The competitive frame is agent operations

The competitive context is now larger than model APIs. AWS is moving with Bedrock AgentCore and Bedrock Managed Agents around runtime, gateway, identity, and observability. Google is pushing Gemini API managed agents and Antigravity-style developer workflows with sandboxed execution. OpenAI has Agents SDK and Codex products that expand the agent harness around code and tool use. Vercel targets agent execution inside web applications through Sandbox and AI Gateway.

Microsoft's advantage is the enterprise control plane. Foundry can attach to Microsoft 365, Teams, Entra, Purview, Defender, Azure model catalogs, and existing tenant policy. That does not automatically make it the best runtime for every agent. A lightweight code-execution agent may fit another sandbox. A web-app product team may prefer a platform-native runtime. But for enterprises already operating inside Microsoft identity, compliance, and collaboration surfaces, Foundry can offer a shorter path from agent prototype to governed deployment.

The evaluation checklist should reflect that shift. For hosted agents, teams should test session isolation, filesystem persistence, routine scheduling, cold starts, supported regions, private networking, log retention, and the actual billing behavior behind zero idle cost. For Toolboxes, teams should test MCP endpoint configuration, credential rotation, tool-version history, tool search errors, and audit events. For memory, they should test storage scope, deletion controls, procedural-memory drift, and whether repeated-task success improves without increasing hidden prompt cost.

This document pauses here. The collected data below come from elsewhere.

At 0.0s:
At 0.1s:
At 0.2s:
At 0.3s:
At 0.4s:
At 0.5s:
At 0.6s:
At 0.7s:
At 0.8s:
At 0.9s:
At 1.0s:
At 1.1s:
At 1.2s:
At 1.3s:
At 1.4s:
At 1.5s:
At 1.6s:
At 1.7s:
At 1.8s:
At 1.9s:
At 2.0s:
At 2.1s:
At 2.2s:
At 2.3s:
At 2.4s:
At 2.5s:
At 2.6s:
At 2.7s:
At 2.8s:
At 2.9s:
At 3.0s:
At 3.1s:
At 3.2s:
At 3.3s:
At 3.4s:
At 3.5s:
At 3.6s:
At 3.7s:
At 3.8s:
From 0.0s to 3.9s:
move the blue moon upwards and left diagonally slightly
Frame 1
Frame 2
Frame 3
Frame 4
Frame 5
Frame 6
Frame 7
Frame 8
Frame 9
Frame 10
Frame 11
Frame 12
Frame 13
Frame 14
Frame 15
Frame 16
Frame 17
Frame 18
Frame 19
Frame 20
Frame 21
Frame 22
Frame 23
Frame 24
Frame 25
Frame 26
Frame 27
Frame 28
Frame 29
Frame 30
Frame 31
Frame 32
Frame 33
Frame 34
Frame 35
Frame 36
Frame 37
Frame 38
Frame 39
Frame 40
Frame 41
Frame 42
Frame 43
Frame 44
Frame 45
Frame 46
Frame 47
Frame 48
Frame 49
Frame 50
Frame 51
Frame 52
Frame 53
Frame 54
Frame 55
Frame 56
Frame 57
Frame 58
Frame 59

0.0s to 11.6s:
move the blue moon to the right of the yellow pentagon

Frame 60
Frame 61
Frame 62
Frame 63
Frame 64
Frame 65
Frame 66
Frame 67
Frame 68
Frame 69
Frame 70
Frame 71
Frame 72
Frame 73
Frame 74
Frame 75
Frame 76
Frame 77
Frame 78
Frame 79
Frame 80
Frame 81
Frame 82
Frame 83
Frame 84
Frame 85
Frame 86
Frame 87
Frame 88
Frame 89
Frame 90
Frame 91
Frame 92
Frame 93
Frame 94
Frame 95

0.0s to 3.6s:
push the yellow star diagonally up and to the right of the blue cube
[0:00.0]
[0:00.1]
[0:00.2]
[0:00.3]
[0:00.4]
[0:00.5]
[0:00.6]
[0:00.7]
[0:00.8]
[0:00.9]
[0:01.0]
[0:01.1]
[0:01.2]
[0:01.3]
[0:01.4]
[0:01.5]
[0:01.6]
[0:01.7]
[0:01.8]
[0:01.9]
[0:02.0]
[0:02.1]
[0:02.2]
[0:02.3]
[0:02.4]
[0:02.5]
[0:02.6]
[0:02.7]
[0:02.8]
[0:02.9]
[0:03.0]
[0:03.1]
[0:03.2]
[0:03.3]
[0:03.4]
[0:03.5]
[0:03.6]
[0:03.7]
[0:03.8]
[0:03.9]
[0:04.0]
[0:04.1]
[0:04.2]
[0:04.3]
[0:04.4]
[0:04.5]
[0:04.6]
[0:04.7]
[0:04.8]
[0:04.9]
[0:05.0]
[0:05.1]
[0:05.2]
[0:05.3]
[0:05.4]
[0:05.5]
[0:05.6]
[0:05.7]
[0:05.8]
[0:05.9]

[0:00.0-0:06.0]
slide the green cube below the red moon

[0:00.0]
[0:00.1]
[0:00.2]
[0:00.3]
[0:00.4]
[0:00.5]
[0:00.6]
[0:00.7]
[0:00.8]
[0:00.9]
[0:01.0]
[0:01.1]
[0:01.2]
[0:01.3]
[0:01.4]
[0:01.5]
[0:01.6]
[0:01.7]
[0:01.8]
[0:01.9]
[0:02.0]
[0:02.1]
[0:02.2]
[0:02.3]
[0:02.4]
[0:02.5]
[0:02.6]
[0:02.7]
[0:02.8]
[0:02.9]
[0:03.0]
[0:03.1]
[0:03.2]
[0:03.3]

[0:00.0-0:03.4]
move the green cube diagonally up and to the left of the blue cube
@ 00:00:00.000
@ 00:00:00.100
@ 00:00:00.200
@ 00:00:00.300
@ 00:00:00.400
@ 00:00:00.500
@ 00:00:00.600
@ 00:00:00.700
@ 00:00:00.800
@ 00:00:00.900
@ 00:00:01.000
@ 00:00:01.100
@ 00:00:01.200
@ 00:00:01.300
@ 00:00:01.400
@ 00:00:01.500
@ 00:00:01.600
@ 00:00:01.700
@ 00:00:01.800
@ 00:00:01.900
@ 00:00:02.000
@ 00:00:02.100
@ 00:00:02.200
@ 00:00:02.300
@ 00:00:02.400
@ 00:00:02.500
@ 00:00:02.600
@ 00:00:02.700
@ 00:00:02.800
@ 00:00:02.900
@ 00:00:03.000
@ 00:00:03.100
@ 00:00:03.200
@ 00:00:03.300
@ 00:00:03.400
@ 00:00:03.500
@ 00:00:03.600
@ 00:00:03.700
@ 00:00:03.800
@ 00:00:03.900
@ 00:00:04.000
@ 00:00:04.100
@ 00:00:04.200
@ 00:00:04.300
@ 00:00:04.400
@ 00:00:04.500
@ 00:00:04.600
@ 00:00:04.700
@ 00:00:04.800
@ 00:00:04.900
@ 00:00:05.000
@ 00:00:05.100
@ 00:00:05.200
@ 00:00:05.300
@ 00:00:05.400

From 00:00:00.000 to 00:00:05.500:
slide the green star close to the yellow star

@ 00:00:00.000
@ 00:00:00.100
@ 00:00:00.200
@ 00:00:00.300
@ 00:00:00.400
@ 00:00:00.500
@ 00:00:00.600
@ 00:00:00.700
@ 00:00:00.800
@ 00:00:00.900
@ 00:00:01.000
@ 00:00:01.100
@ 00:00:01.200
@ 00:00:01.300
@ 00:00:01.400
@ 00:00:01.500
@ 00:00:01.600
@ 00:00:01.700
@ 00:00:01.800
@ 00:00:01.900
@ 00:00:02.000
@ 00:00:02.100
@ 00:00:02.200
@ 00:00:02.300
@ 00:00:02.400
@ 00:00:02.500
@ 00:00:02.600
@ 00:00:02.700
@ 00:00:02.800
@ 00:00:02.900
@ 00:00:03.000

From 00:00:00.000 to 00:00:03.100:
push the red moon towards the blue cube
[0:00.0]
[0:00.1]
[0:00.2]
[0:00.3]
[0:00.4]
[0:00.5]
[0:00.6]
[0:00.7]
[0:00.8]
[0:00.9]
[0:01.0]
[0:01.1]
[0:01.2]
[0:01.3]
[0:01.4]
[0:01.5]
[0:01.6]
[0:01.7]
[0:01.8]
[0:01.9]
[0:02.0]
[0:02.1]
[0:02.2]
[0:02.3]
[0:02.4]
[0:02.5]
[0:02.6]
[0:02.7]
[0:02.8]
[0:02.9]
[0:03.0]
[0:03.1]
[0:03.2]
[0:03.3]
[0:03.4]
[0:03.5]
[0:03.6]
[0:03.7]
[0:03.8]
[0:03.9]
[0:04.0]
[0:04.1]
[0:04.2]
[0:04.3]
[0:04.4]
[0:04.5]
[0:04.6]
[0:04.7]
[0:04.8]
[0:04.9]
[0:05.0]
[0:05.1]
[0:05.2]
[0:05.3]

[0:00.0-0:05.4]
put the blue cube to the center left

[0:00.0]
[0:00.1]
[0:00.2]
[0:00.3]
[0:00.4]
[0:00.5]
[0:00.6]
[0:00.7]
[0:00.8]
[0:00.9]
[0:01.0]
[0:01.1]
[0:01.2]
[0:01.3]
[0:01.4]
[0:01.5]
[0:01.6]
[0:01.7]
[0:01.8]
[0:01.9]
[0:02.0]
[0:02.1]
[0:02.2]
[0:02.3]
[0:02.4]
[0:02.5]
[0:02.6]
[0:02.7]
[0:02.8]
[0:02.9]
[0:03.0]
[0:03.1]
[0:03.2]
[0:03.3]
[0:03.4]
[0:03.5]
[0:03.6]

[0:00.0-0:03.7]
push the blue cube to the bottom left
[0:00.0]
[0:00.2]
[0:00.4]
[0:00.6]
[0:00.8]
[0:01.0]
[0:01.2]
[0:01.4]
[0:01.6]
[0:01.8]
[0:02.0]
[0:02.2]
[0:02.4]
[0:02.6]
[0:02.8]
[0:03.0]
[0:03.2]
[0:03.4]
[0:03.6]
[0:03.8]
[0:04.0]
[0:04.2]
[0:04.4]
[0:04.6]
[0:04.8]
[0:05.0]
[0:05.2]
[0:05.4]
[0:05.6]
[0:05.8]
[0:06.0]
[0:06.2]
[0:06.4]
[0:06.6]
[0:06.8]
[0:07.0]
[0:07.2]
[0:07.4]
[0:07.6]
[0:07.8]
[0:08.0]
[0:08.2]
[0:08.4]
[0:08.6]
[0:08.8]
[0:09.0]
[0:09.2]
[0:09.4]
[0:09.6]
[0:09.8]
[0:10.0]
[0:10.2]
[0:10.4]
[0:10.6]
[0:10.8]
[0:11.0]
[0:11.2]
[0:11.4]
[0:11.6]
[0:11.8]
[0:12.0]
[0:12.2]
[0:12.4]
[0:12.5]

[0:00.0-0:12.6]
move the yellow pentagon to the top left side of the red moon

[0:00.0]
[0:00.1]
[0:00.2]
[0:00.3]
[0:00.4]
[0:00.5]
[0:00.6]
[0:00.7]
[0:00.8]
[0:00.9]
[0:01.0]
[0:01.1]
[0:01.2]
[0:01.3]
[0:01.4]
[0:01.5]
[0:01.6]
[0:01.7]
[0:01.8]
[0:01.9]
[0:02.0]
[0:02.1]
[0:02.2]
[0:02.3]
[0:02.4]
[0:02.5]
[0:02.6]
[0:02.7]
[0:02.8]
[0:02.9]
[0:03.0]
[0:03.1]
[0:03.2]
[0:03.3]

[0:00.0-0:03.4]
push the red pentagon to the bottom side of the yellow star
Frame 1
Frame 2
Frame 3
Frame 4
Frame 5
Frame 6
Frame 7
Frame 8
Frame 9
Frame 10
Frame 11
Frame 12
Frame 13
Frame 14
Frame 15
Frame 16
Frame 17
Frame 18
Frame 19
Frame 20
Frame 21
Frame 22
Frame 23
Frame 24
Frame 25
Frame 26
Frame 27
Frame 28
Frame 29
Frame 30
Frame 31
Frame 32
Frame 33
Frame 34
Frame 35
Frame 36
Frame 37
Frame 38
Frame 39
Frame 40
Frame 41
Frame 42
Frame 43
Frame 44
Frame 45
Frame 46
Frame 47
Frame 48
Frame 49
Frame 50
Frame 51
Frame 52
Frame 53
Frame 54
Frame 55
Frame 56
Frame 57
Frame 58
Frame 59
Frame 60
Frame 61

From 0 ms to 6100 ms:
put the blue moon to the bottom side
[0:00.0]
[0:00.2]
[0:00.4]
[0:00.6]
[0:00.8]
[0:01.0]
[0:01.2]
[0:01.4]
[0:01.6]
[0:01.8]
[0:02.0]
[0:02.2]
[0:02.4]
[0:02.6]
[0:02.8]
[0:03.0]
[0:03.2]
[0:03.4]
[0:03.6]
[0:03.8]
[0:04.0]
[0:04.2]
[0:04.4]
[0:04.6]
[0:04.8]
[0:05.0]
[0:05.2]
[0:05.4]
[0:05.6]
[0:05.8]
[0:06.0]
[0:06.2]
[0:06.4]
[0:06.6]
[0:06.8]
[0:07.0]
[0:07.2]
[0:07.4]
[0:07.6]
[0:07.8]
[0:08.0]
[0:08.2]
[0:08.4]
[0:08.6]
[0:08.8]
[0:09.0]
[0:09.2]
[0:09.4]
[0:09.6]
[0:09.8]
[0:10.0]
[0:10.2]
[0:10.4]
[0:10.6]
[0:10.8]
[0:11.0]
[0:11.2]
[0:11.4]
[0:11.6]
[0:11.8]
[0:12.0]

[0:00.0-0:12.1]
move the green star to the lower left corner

The strongest sentence in the announcement is the diagnosis that agent prototypes are easy and production agents are hard. Microsoft then breaks that difficulty into runtime, tools, memory, distribution, observability, and governance. If Foundry Hosted Agents reach GA on the announced timeline, the comparison point will not be only the model list. It will be the per-session sandbox, tool endpoint, trace-to-eval loop, tenant policy, and cost telemetry around the agent. Build 2026's Foundry update is not just about building agents. It is about keeping them running inside enterprises after the demo works.